I would prefer to eat a little earlier and therefore endorse buyback and advertising but who am I to criticise - the man has a plan.

With all of the above in mind, the lowering of S/X prices is logical when FSD is on the brink of a massive breakthrough.
Then the lowering of S/X price is a way of pre-balancing the price of TSLA stock.
If true, in my opinion that would really be a master stroke of Tesla in finance, using Wall Street in its own game.
 
The continuing price lowering makes me very bullish about Tesla, as it is probably to some degree motivated to destroy the competition. If Tesla is able to scale quickly (they are), then by having lower prices (while still being profitable) that no non-Chinese competitor can match (even the Chinese ones are suspect) Tesla will rapidly speed up the bankrupcy of a lot of OEMs. This is long term thinking, and goes against the short term Wall Street crap. This is similar to what Amazon was doing in the beginning, selling their stuff at barely any profit, all for the goal of gaining market share and destroying the competition.

For those thinking this goes against the mission, the opposite is true. The sooner all the German automakers die, as well as GM and Ford, the faster true electrification can come about - these companies are at their core against electrification, and the sooner they die off the better.
 
It's still your opinion. Some people like the yoke, they can choose to have it as it's an option.
First, please allow me explain:

Margin cuts really hurt TSLA share prices.

It's the weekend, so I'll indulge the comment; this is NOT tangential to what is going to happen to TSLA if it's not fixed soon.

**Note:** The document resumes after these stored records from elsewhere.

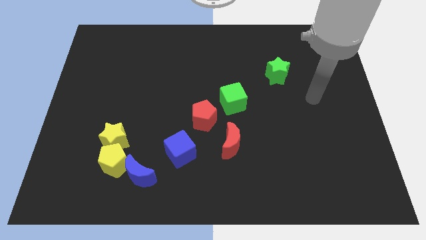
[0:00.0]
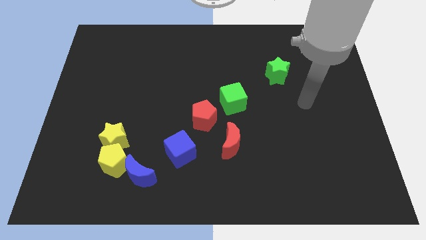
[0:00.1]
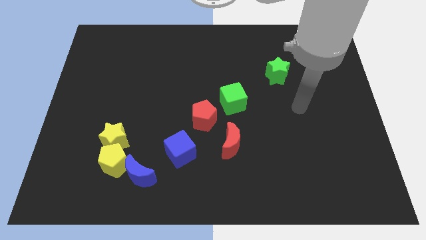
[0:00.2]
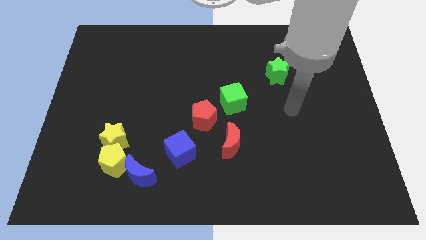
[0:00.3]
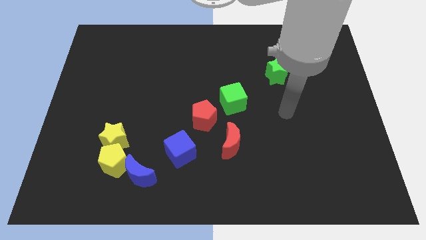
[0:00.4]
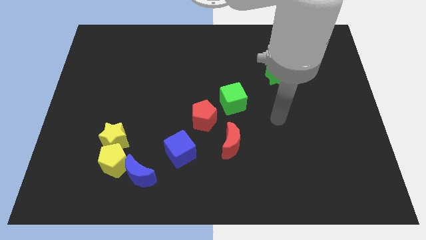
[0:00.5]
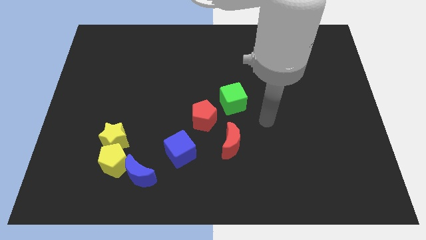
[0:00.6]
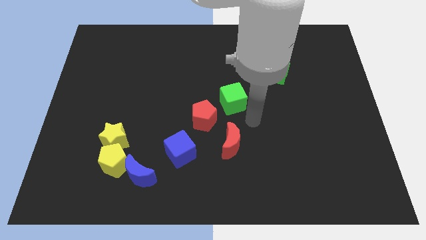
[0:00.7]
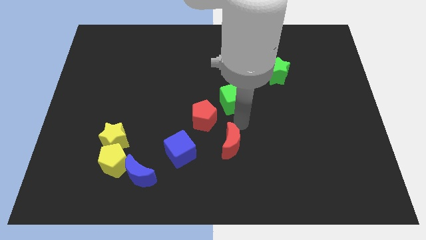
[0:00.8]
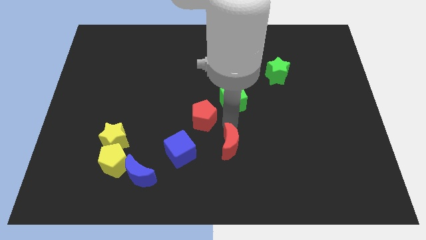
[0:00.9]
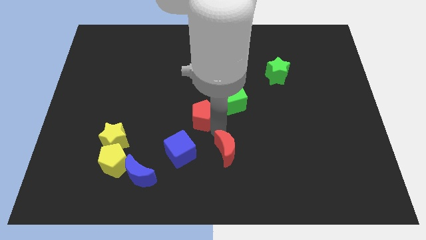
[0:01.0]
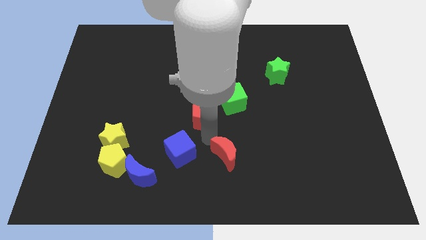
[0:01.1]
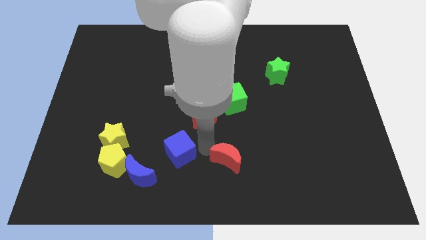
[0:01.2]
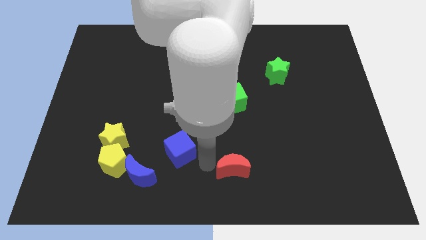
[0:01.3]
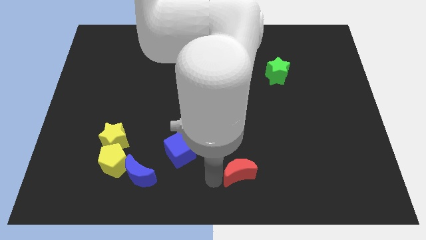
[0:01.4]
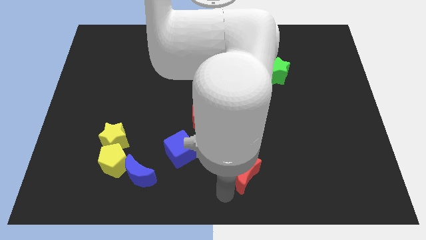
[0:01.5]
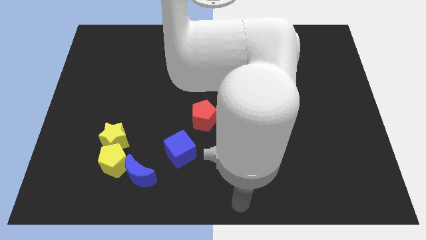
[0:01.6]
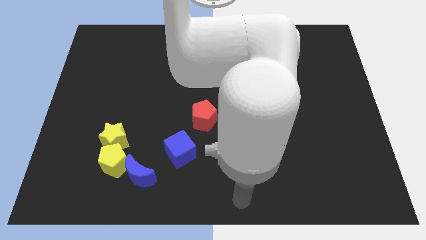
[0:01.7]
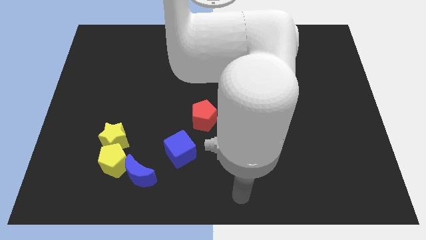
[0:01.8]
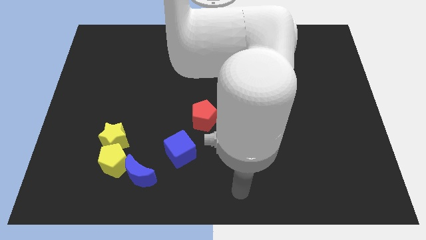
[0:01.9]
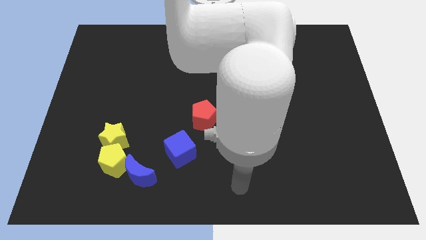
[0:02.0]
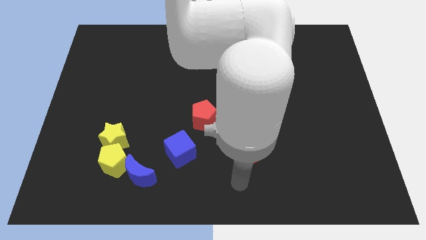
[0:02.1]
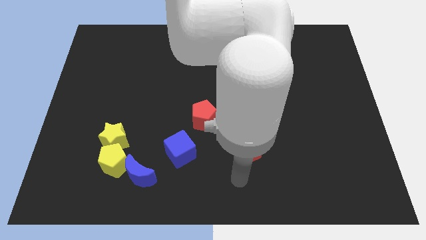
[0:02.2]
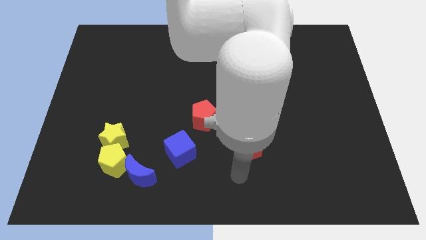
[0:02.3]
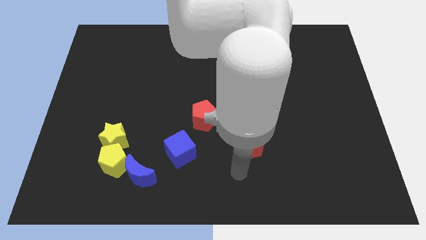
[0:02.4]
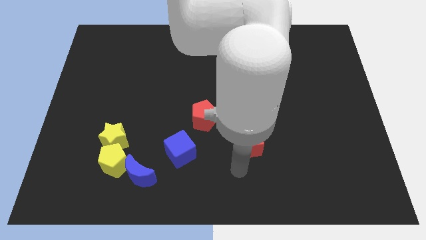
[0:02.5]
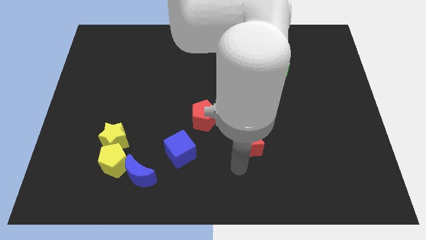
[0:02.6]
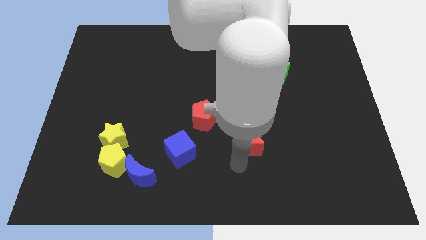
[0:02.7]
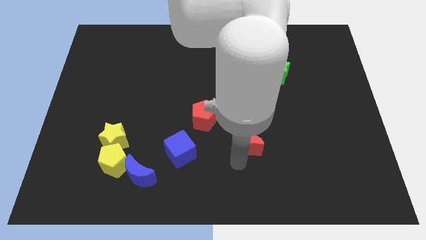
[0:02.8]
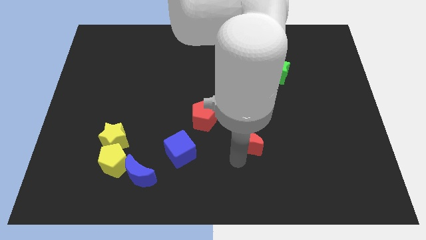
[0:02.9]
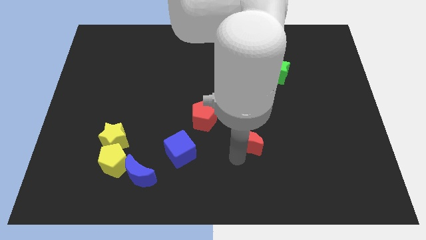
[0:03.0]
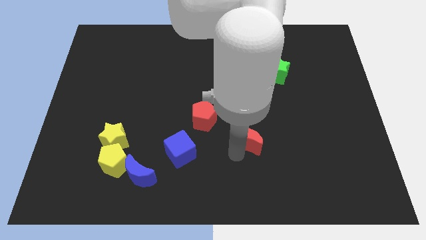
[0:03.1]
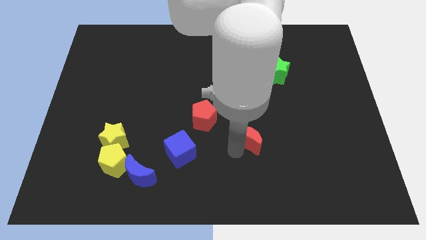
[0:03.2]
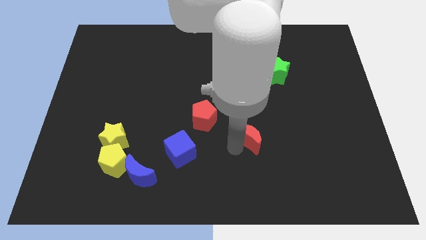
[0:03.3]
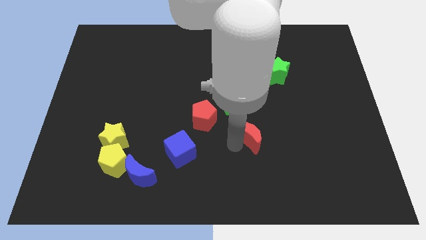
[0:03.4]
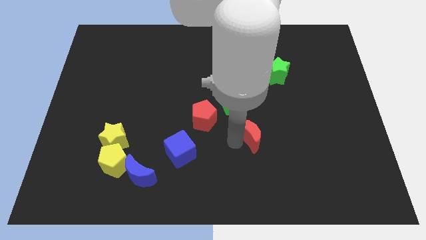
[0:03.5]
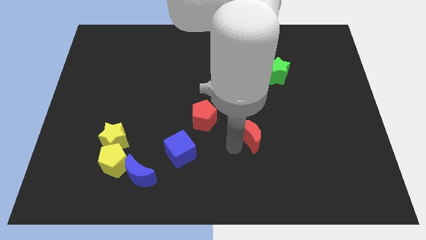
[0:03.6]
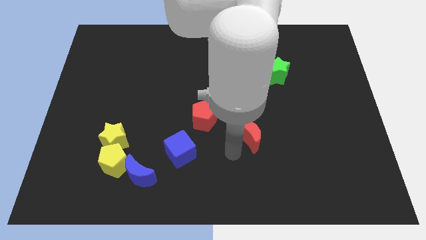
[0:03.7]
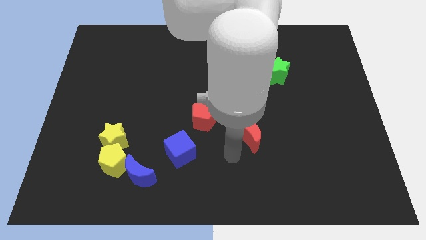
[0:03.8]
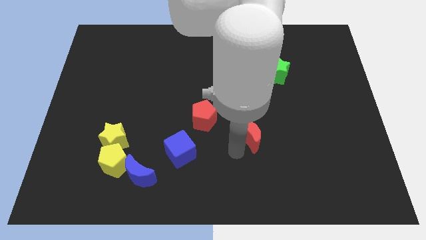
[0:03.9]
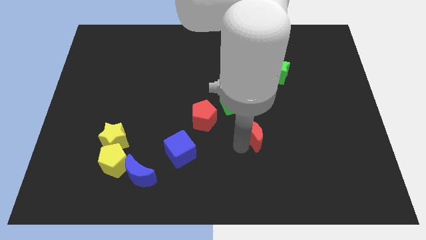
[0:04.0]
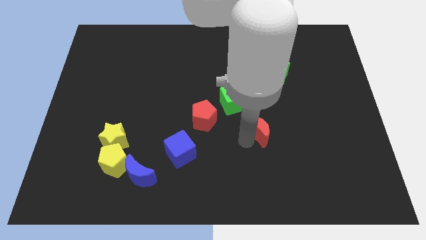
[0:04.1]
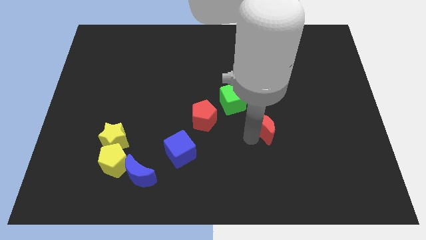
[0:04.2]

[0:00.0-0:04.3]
push the red moon up and then to the right a little

The implications for TSLA are HUGE if this utter BS continues at Tesla. Bjorn's recent video ride-along in the new Highland Model 3 was telling. The driver enters a roundabout and then signals with his OTHER hand (because the turn signal is upside down and now on the wrong side of the steering wheel, and it's pointing in the wrong direction!), and Bjorn comments, "Oh, I see you've done this same route a lot of times already." [paraphrased.].

Second, there are no studies (to my knowledge) that would provide any support to having a moving, variable turn signal selector as no one would fund such an obviously stupid study.

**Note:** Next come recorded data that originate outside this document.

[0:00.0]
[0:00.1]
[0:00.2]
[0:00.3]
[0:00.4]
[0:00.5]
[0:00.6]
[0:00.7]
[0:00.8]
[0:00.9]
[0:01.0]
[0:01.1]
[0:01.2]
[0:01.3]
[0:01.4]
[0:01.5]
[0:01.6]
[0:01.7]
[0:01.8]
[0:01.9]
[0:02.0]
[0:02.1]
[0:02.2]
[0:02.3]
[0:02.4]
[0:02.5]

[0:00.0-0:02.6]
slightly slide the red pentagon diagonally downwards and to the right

Third, as the Model 3 and Y GREATLY outsell the Model S and X, the impact to our total EV demand will be far greater. Elon is the likely source of this "ram-roding for cost-savings" here as "All input is error" is a quote of his.

This may impact TSLA far more than we suspect as when demand wanes, price cuts follow (see Model S and X pricing trends).

We do NOT need otherwise brilliant EV's hobbled by hubris and arrogance.

Our only hope is that there's a quick recovery plan to re-install the friggin' turn signal lever. At least they got a clue and put the horn button back where it belongs, so that's something.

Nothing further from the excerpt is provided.